Prompt.
The whole listing needs retyping exactly; keep the pictures out of it.

Data in this exercise.
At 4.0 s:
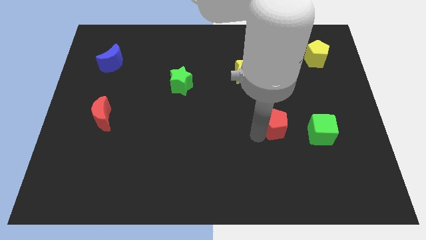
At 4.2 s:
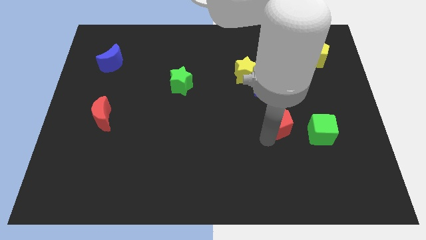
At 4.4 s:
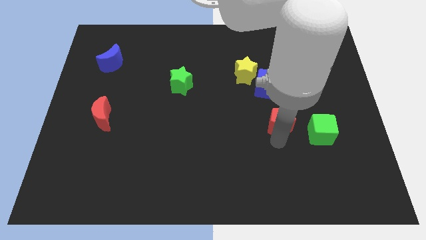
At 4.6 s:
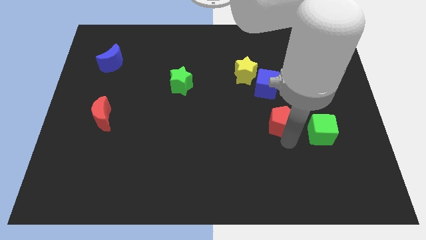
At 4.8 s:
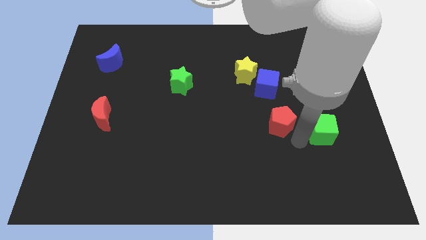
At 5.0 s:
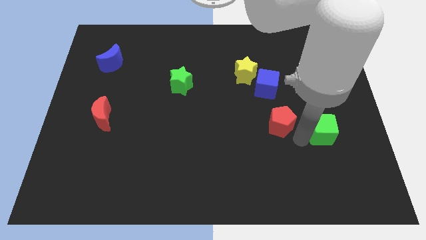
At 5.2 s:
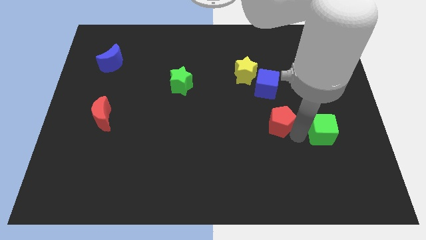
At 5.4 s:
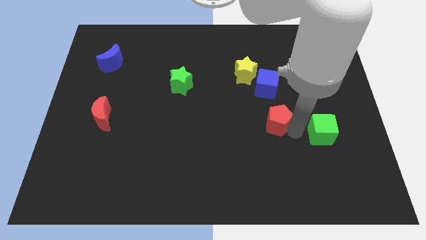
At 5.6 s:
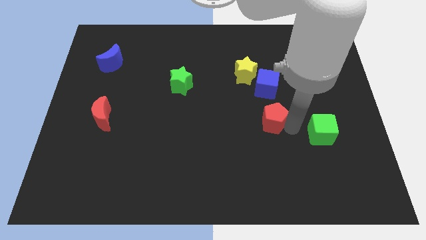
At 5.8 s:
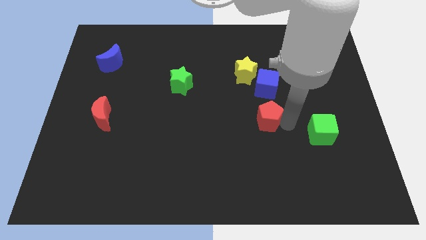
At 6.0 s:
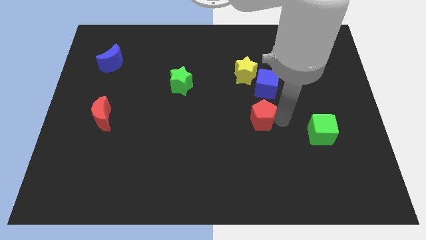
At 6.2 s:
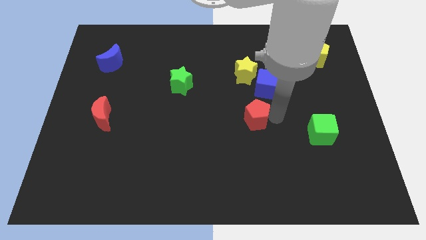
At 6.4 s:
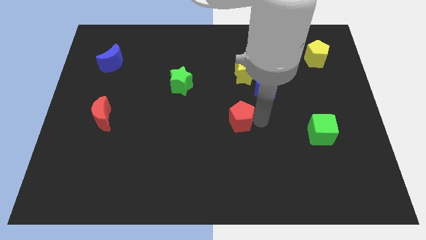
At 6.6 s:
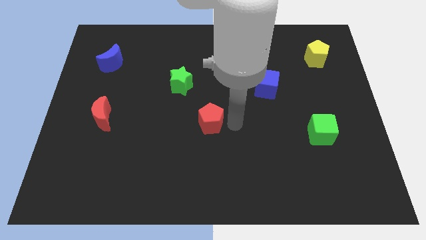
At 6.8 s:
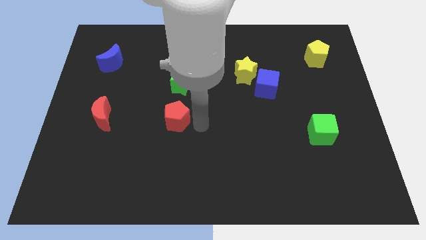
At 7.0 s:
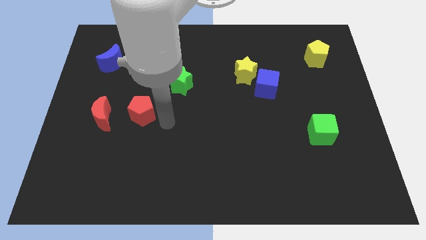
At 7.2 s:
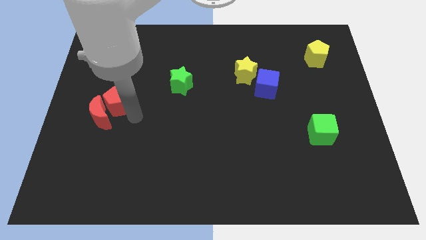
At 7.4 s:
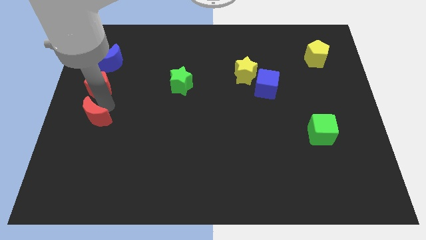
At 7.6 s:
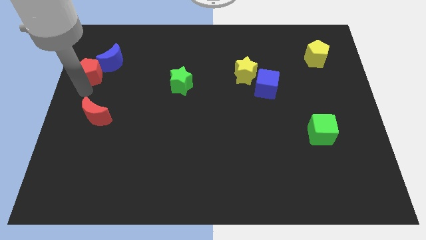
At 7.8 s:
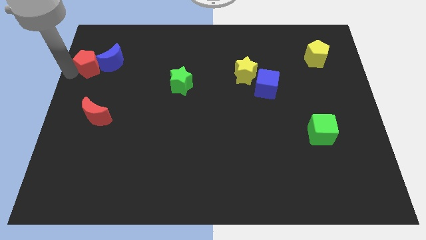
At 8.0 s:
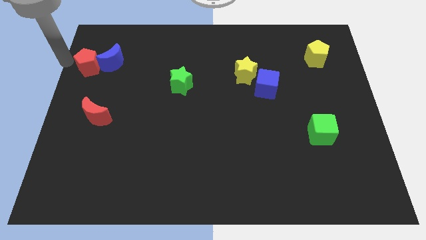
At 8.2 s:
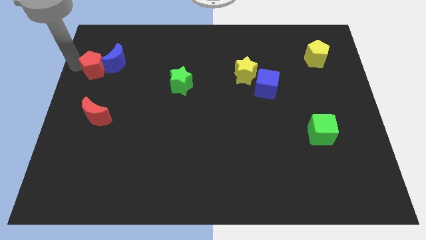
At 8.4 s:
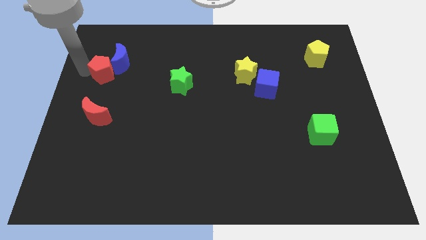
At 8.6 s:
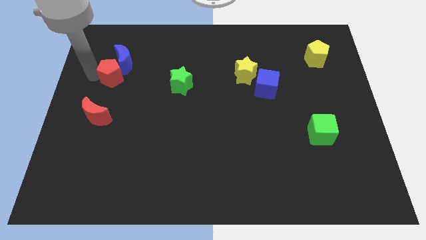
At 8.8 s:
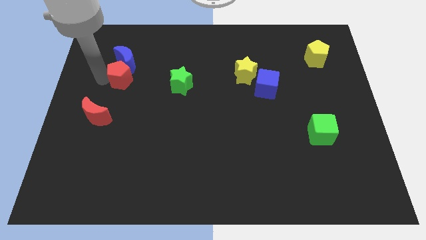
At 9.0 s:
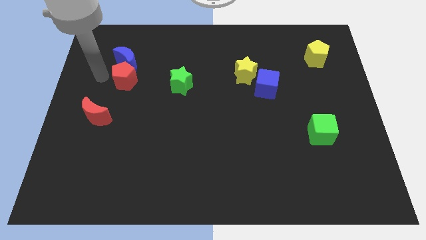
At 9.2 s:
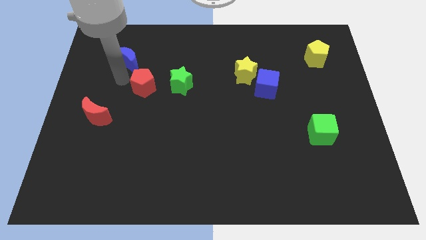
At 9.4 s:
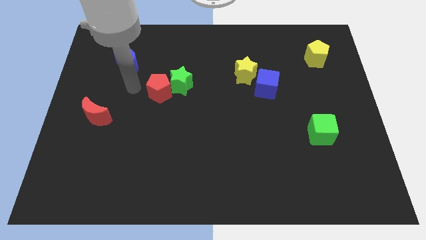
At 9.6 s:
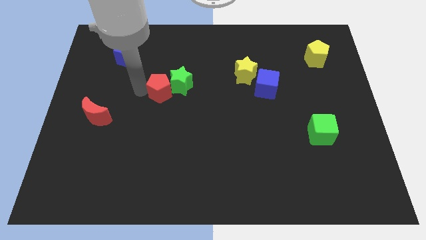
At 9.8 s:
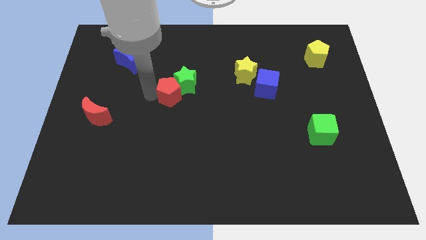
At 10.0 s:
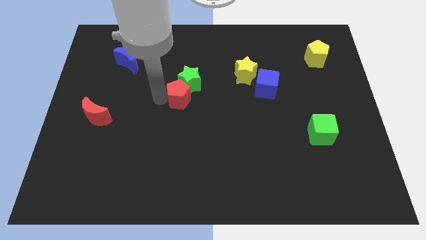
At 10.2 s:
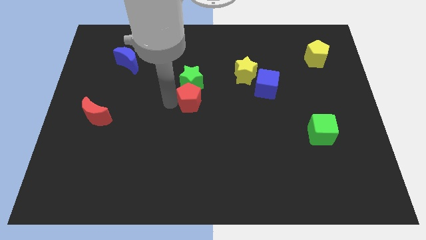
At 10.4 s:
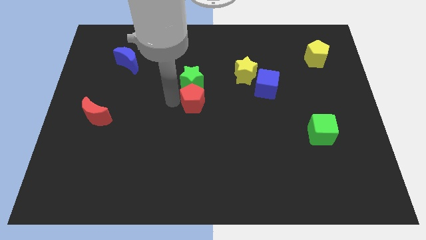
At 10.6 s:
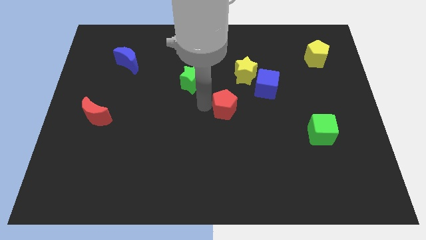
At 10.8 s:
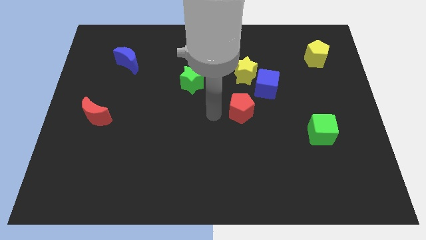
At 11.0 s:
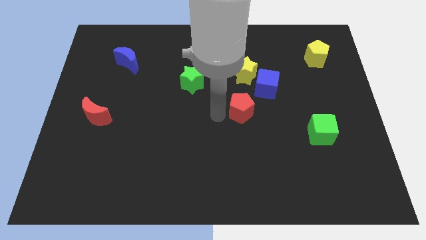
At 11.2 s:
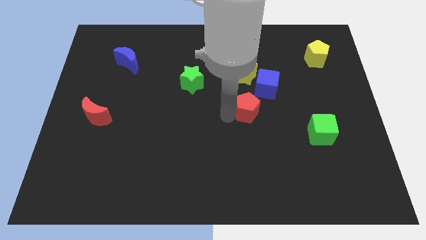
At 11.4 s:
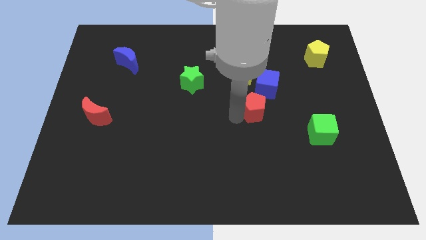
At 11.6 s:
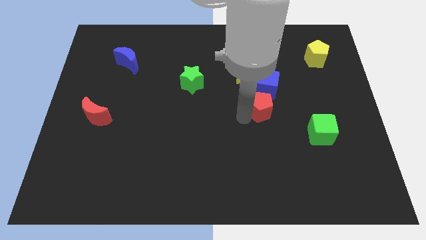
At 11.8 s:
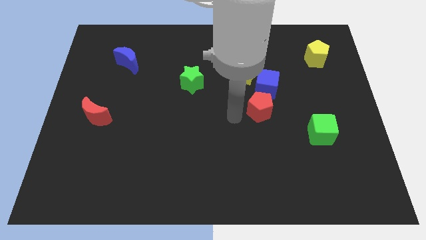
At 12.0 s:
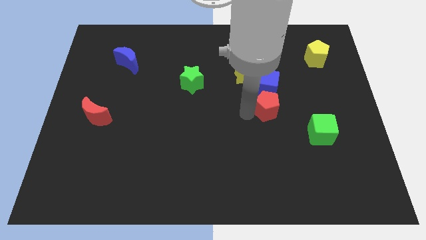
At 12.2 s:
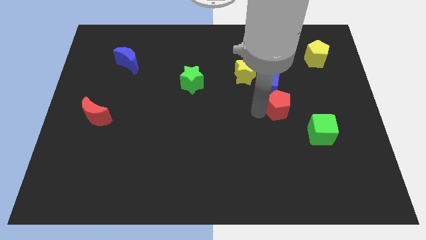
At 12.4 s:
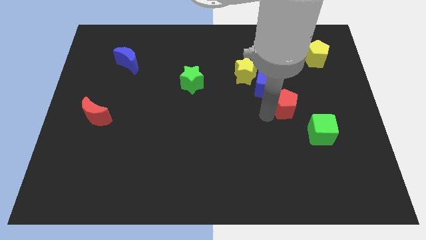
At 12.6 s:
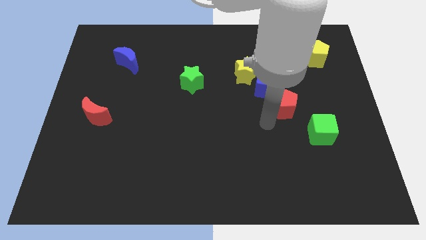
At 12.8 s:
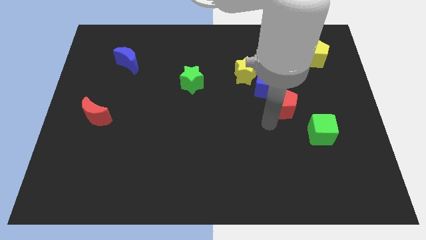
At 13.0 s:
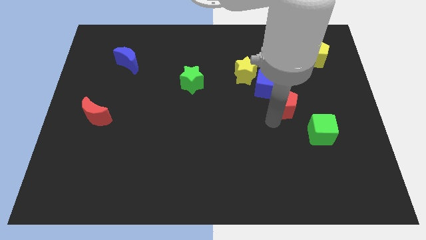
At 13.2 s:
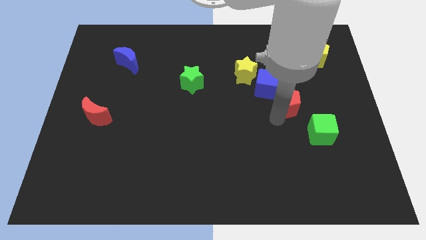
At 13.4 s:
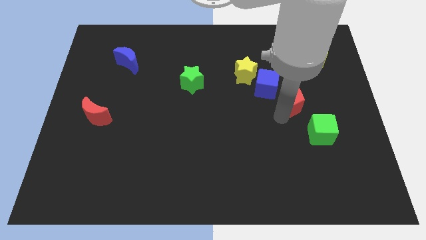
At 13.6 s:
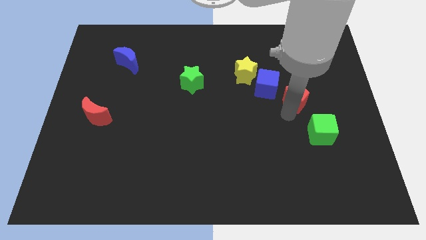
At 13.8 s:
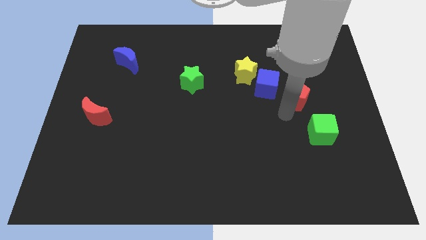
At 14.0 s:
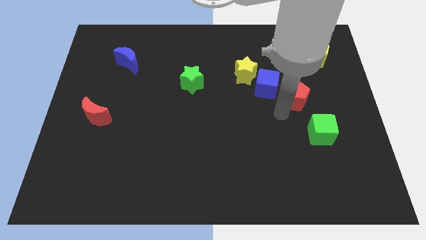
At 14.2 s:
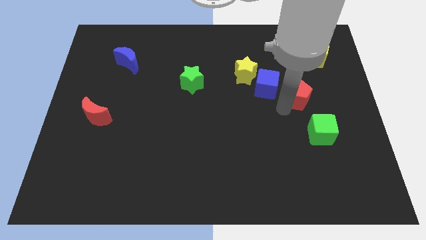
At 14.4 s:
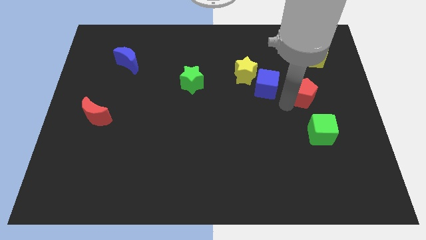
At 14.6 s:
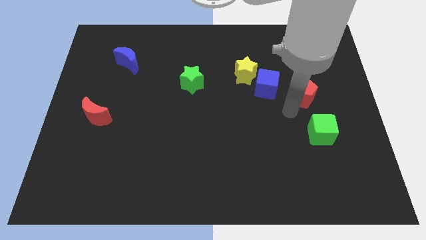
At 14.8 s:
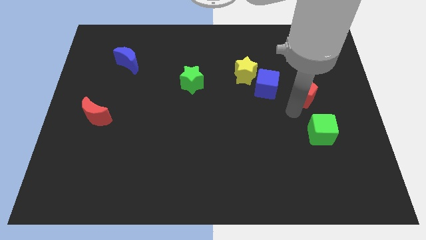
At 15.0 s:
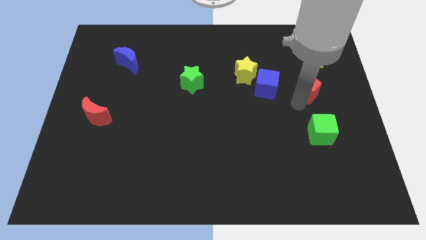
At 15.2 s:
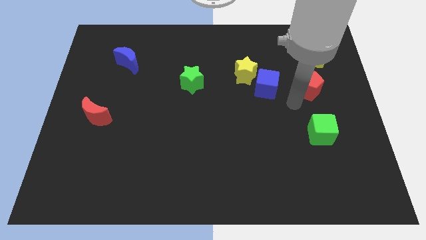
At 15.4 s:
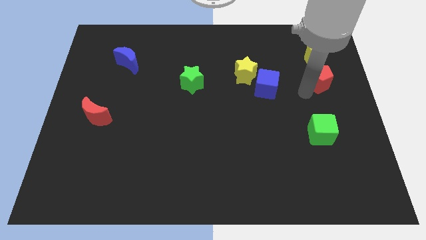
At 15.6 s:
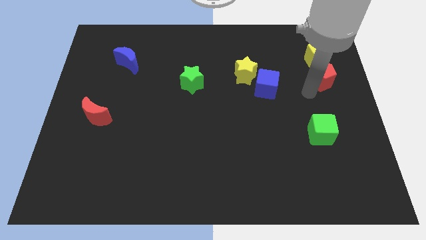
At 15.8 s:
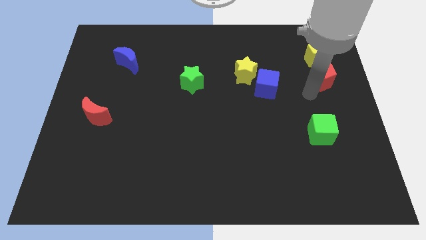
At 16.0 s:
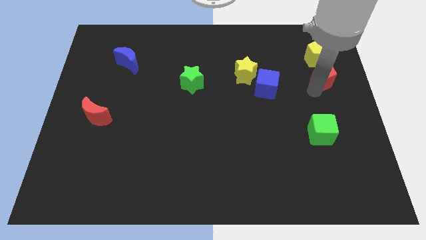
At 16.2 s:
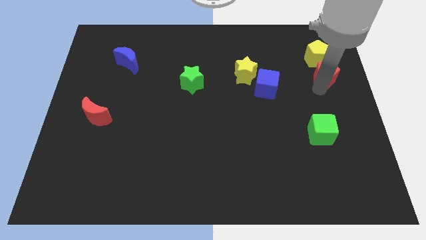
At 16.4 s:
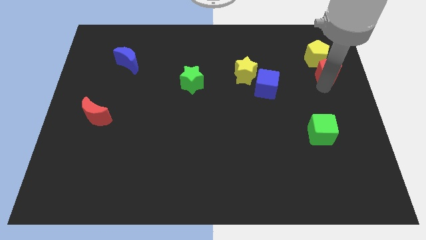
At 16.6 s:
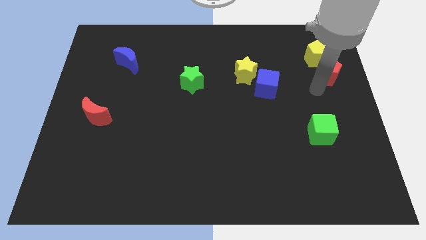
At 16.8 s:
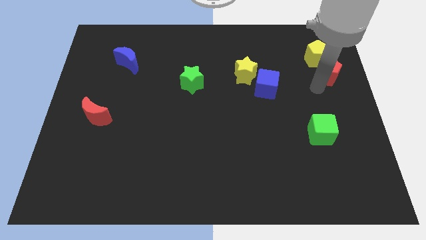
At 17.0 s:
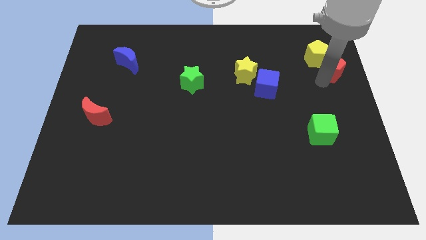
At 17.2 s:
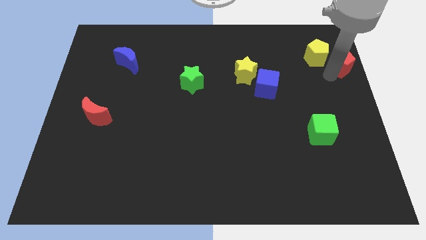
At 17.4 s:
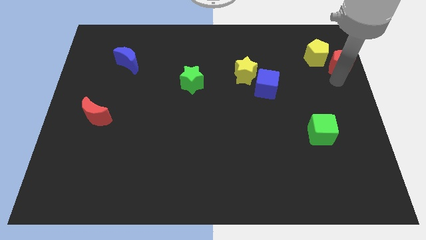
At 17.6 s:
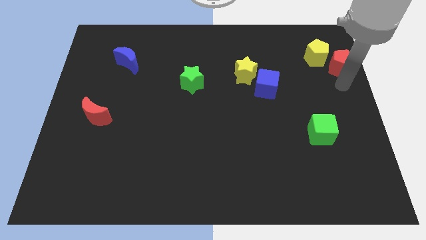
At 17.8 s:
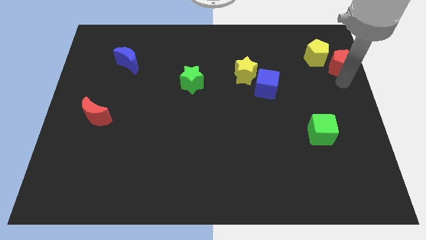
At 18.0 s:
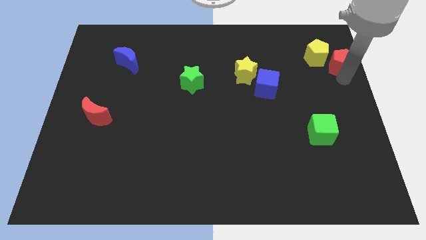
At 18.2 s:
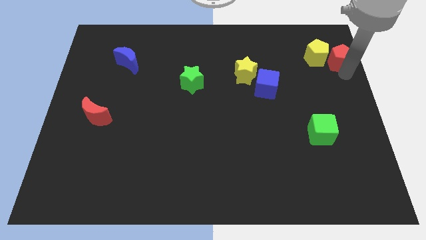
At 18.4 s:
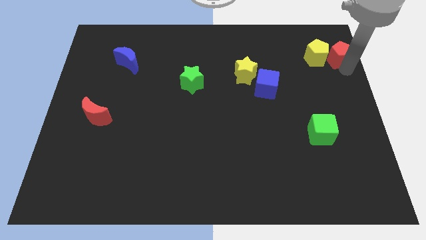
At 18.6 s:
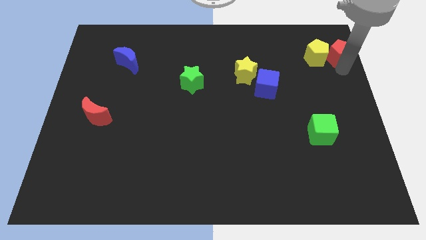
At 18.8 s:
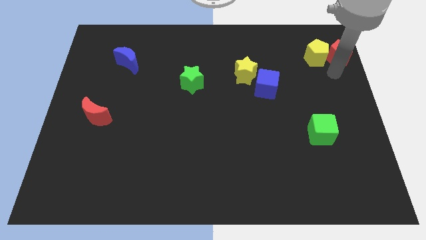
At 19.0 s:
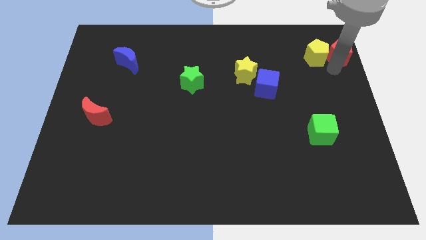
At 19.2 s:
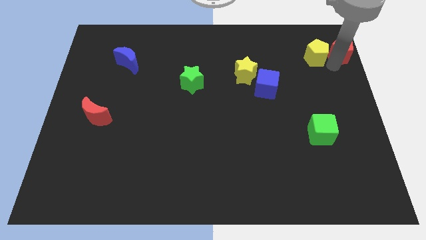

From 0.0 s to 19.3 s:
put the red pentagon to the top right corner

Response to the exercise.
At 4.0 s:
At 4.2 s:
At 4.4 s:
At 4.6 s:
At 4.8 s:
At 5.0 s:
At 5.2 s:
At 5.4 s:
At 5.6 s:
At 5.8 s:
At 6.0 s:
At 6.2 s:
At 6.4 s:
At 6.6 s:
At 6.8 s:
At 7.0 s:
At 7.2 s:
At 7.4 s:
At 7.6 s:
At 7.8 s:
At 8.0 s:
At 8.2 s:
At 8.4 s:
At 8.6 s:
At 8.8 s:
At 9.0 s:
At 9.2 s:
At 9.4 s:
At 9.6 s:
At 9.8 s:
At 10.0 s:
At 10.2 s:
At 10.4 s:
At 10.6 s:
At 10.8 s:
At 11.0 s:
At 11.2 s:
At 11.4 s:
At 11.6 s:
At 11.8 s:
At 12.0 s:
At 12.2 s:
At 12.4 s:
At 12.6 s:
At 12.8 s:
At 13.0 s:
At 13.2 s:
At 13.4 s:
At 13.6 s:
At 13.8 s:
At 14.0 s:
At 14.2 s:
At 14.4 s:
At 14.6 s:
At 14.8 s:
At 15.0 s:
At 15.2 s:
At 15.4 s:
At 15.6 s:
At 15.8 s:
At 16.0 s:
At 16.2 s:
At 16.4 s:
At 16.6 s:
At 16.8 s:
At 17.0 s:
At 17.2 s:
At 17.4 s:
At 17.6 s:
At 17.8 s:
At 18.0 s:
At 18.2 s:
At 18.4 s:
At 18.6 s:
At 18.8 s:
At 19.0 s:
At 19.2 s:

From 0.0 s to 19.3 s:
put the red pentagon to the top right corner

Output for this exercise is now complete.